Re: [DISCUSS] FLIP-274 : Introduce metric group for OperatorCoordinator

Posted by Chesnay Schepler <ch...@apache.org>.

The proposed ScopeFormat is still problematic for a few reasons.

Extending the set of ScopeFormats is problematic because it in practice 
it breaks the config if users actively rely on it, since there's now 
another key that they _must_ set for it to be consistent/compatible with 
their existing setup.
Unfortunately due to how powerful scope formats are we can't derive a 
default value that matches their existing setup.
Hence we should try to do this as rarely as possible.

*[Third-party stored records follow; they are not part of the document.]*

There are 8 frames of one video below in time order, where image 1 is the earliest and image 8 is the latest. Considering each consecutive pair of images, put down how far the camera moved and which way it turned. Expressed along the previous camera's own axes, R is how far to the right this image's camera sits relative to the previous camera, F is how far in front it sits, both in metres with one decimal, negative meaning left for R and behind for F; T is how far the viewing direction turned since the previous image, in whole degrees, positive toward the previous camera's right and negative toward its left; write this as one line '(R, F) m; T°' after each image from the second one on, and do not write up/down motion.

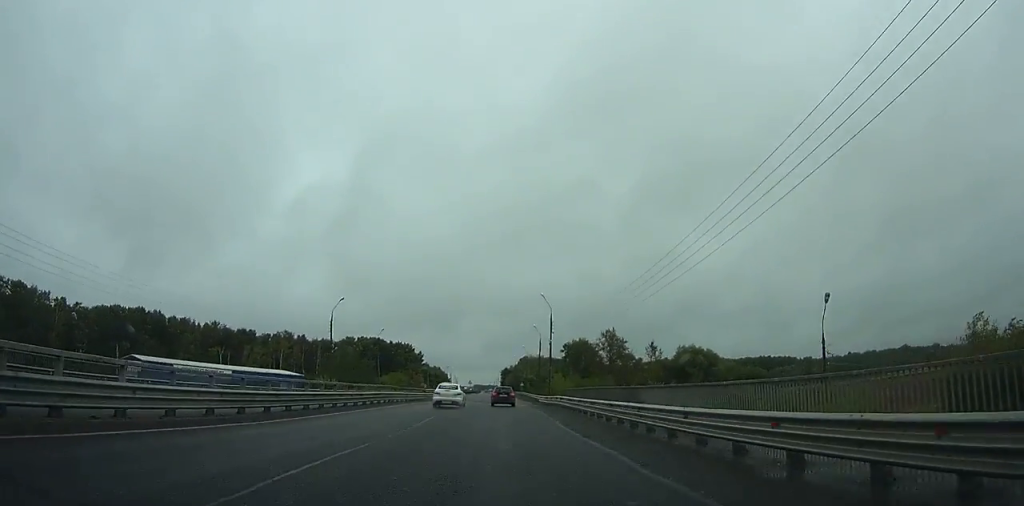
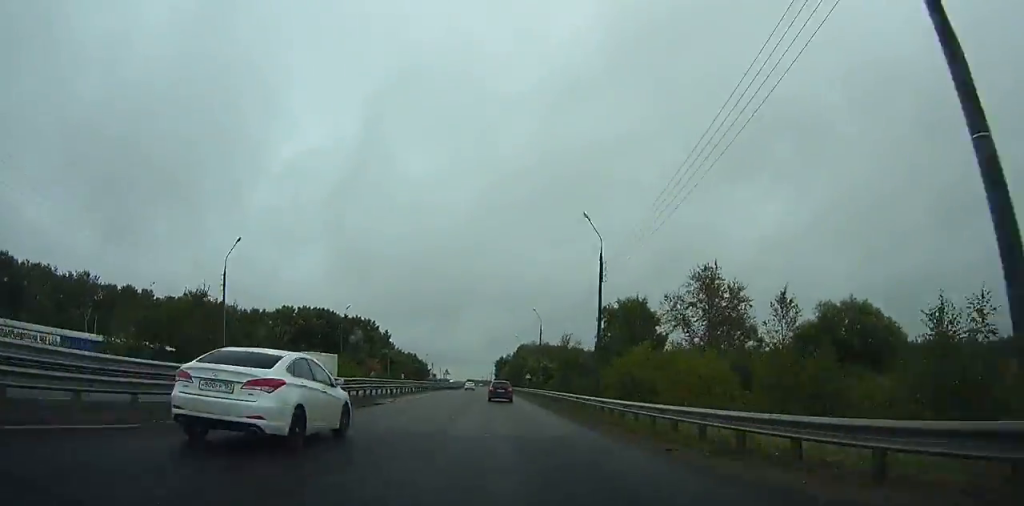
(+0.3, +59.9) m; +1°
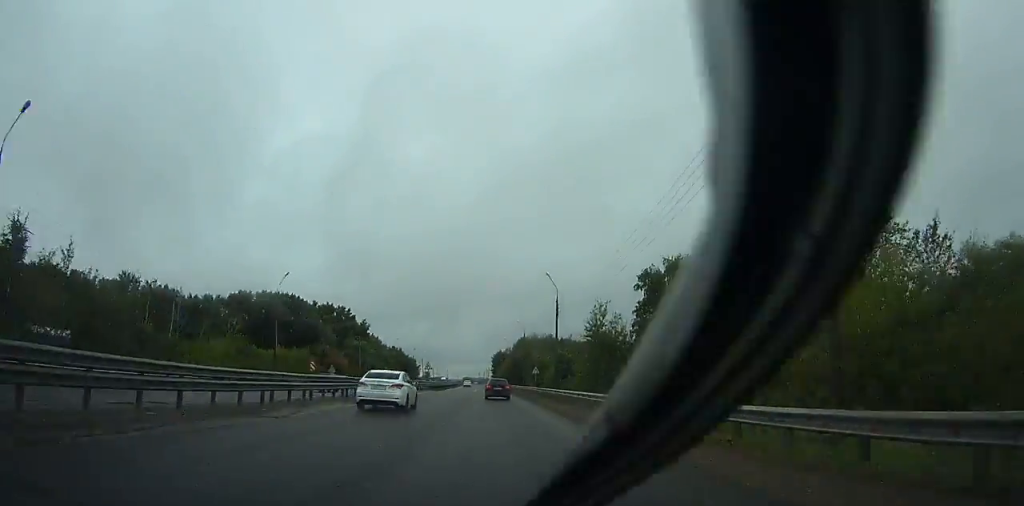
(-0.1, +24.7) m; 0°
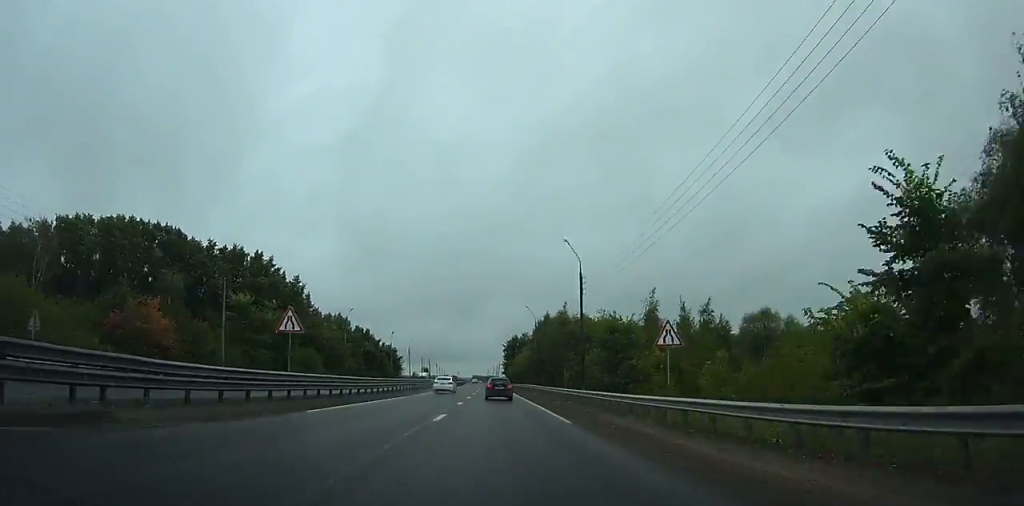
(0.0, +56.0) m; -1°
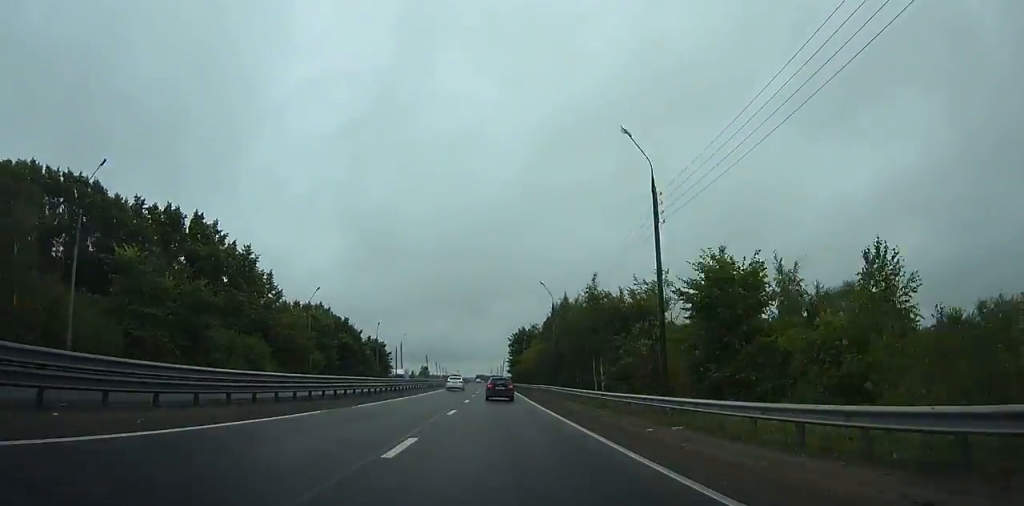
(-0.1, +19.4) m; 0°
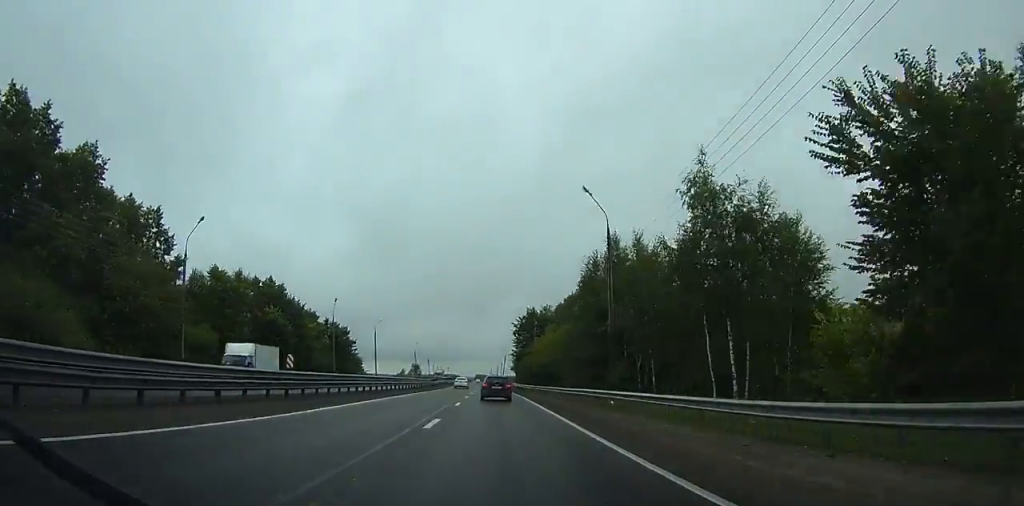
(0.0, +30.3) m; 0°
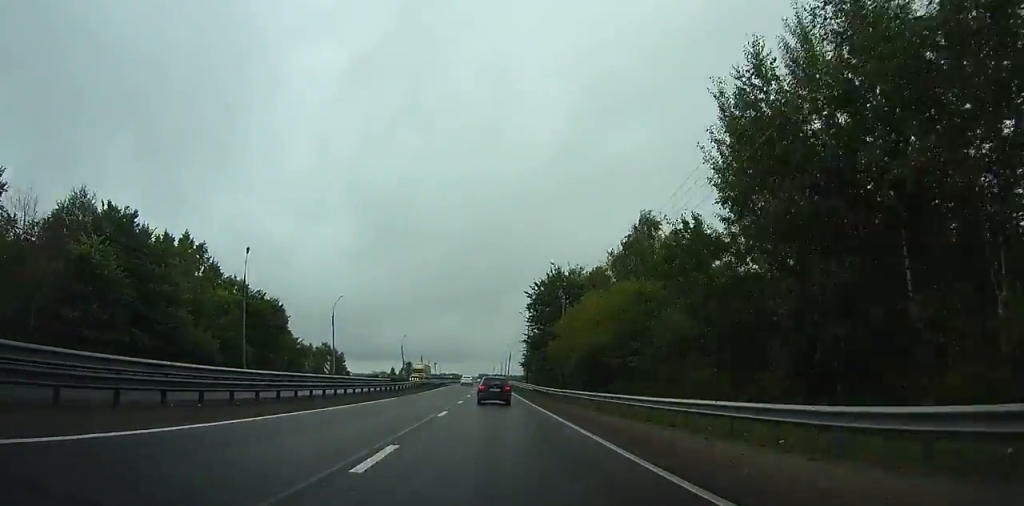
(0.0, +30.7) m; 0°
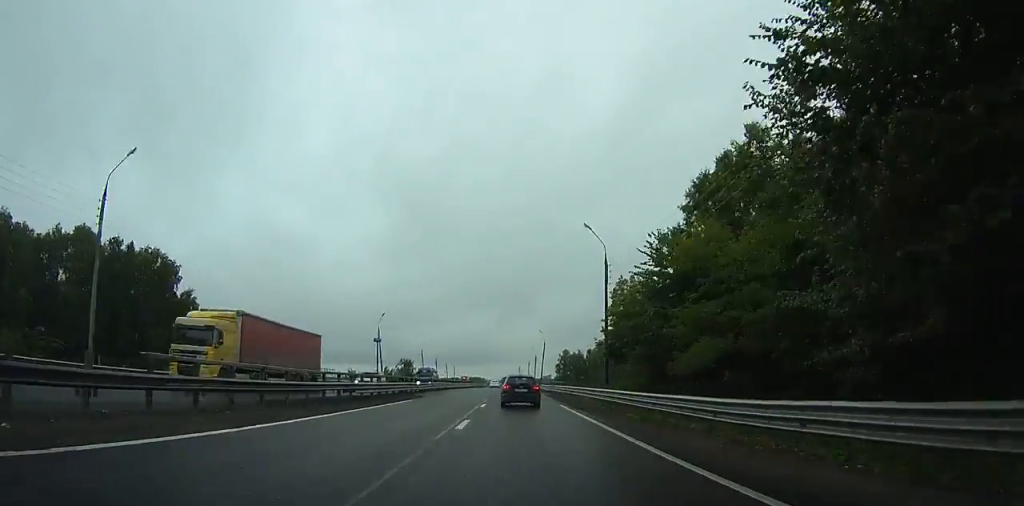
(-0.2, +52.8) m; -1°

This FLIP does not adhere to that since it proposes a dedicated format 
for coordinators; next time we want to expose operator-specific metrics 
(e.g., in the scheduler) we'd have to add another one to support it.

Additionally, the configurable variables (operator name/id) are 
logically not attached to the coordinator, but operators, so to me it 
just doesn't make sense to structure it like this.

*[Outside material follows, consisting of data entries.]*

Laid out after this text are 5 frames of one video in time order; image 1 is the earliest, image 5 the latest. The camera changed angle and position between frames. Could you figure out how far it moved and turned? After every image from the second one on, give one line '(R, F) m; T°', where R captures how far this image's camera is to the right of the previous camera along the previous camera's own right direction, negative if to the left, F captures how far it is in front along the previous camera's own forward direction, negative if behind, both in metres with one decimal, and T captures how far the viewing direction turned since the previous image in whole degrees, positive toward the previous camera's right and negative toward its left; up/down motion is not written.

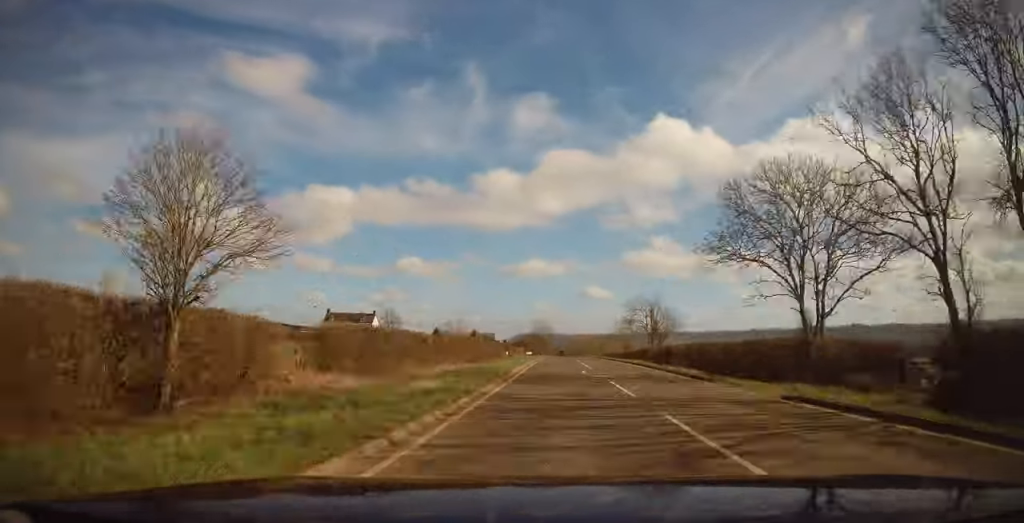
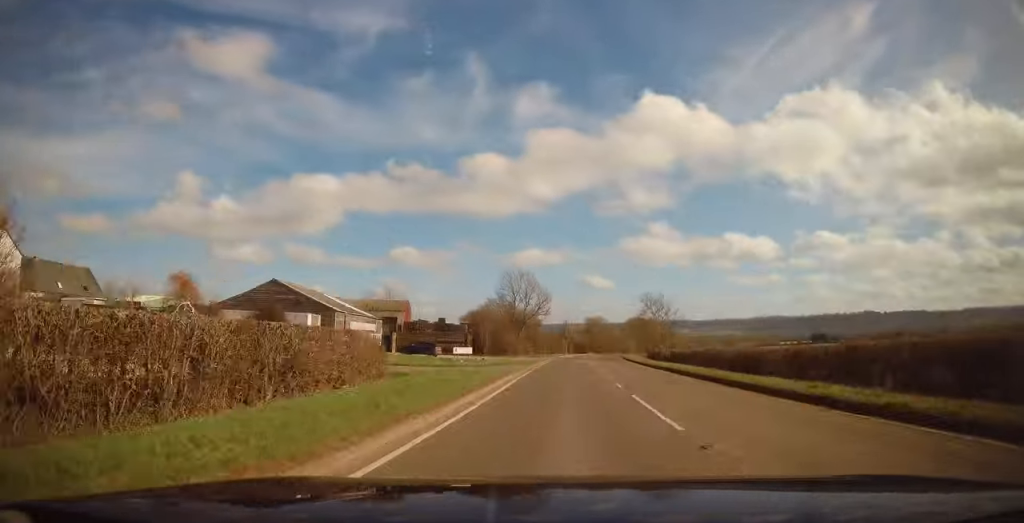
(0.0, +107.9) m; +3°
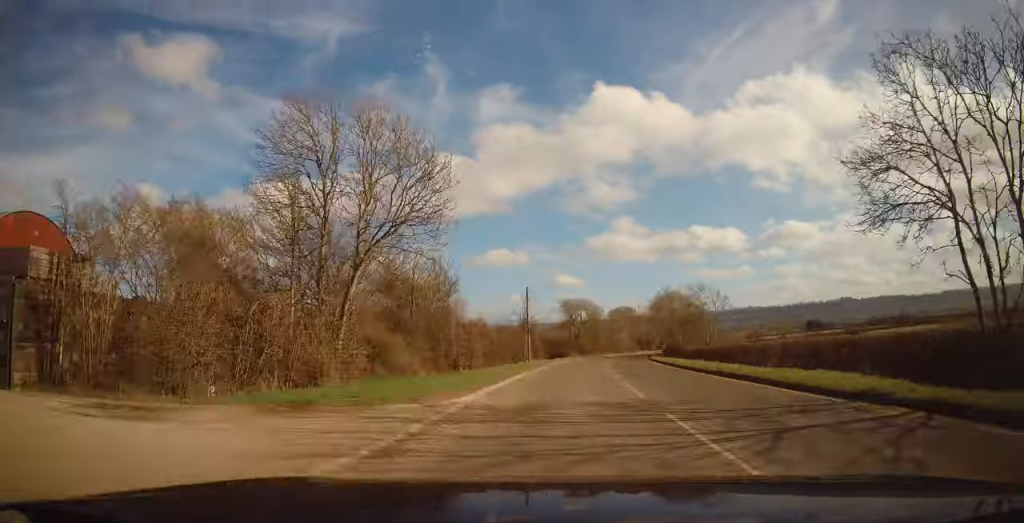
(0.0, +56.8) m; +4°
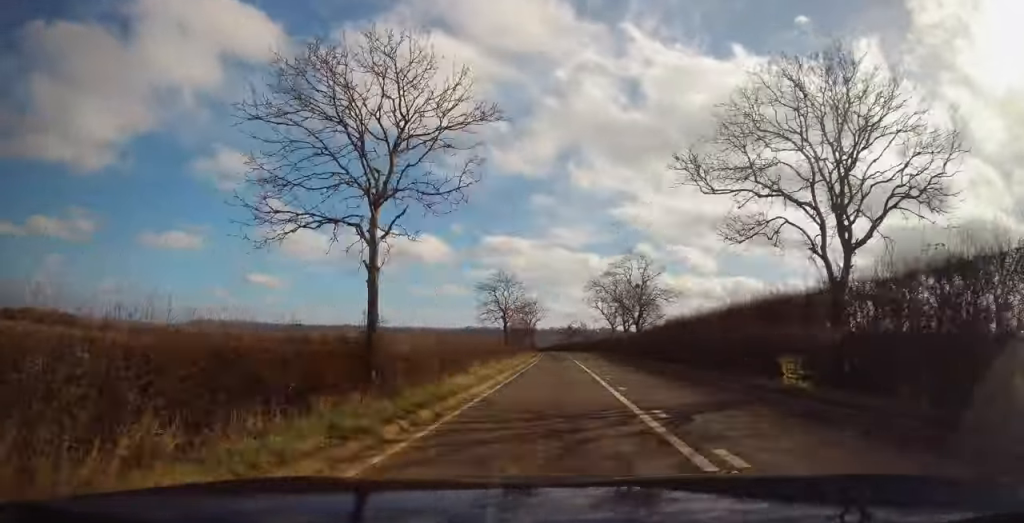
(+163.2, +626.5) m; +19°
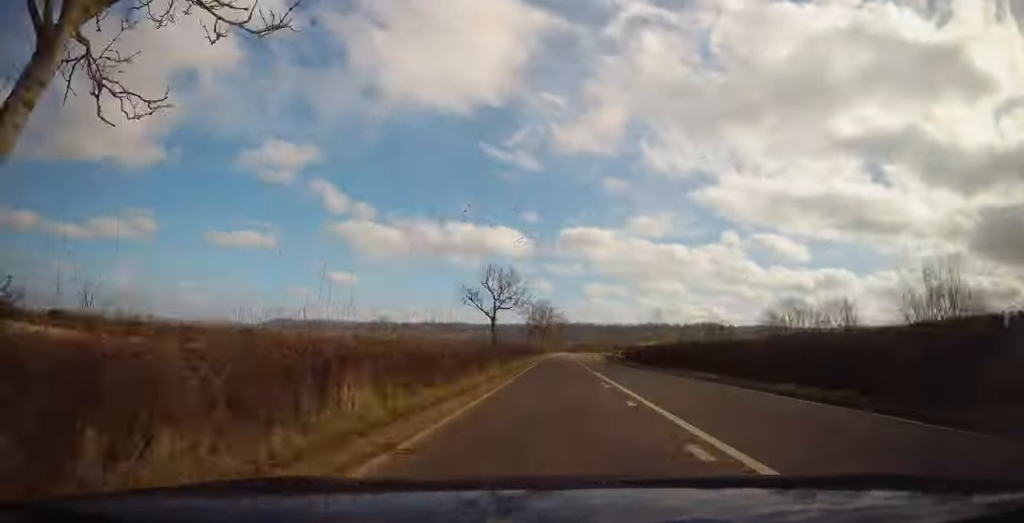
(-12.2, +182.1) m; -5°

Another thing I'm concerned about is that, because we don't include 
tasks in the hierarchy, users wishing to collect all metrics for a 
particular task (in this case ==vertex) now have to go significantly out 
of their way to get them, since they can no longer just filter by the 
task ID but have to be filter for _all_ operators that are part of the task.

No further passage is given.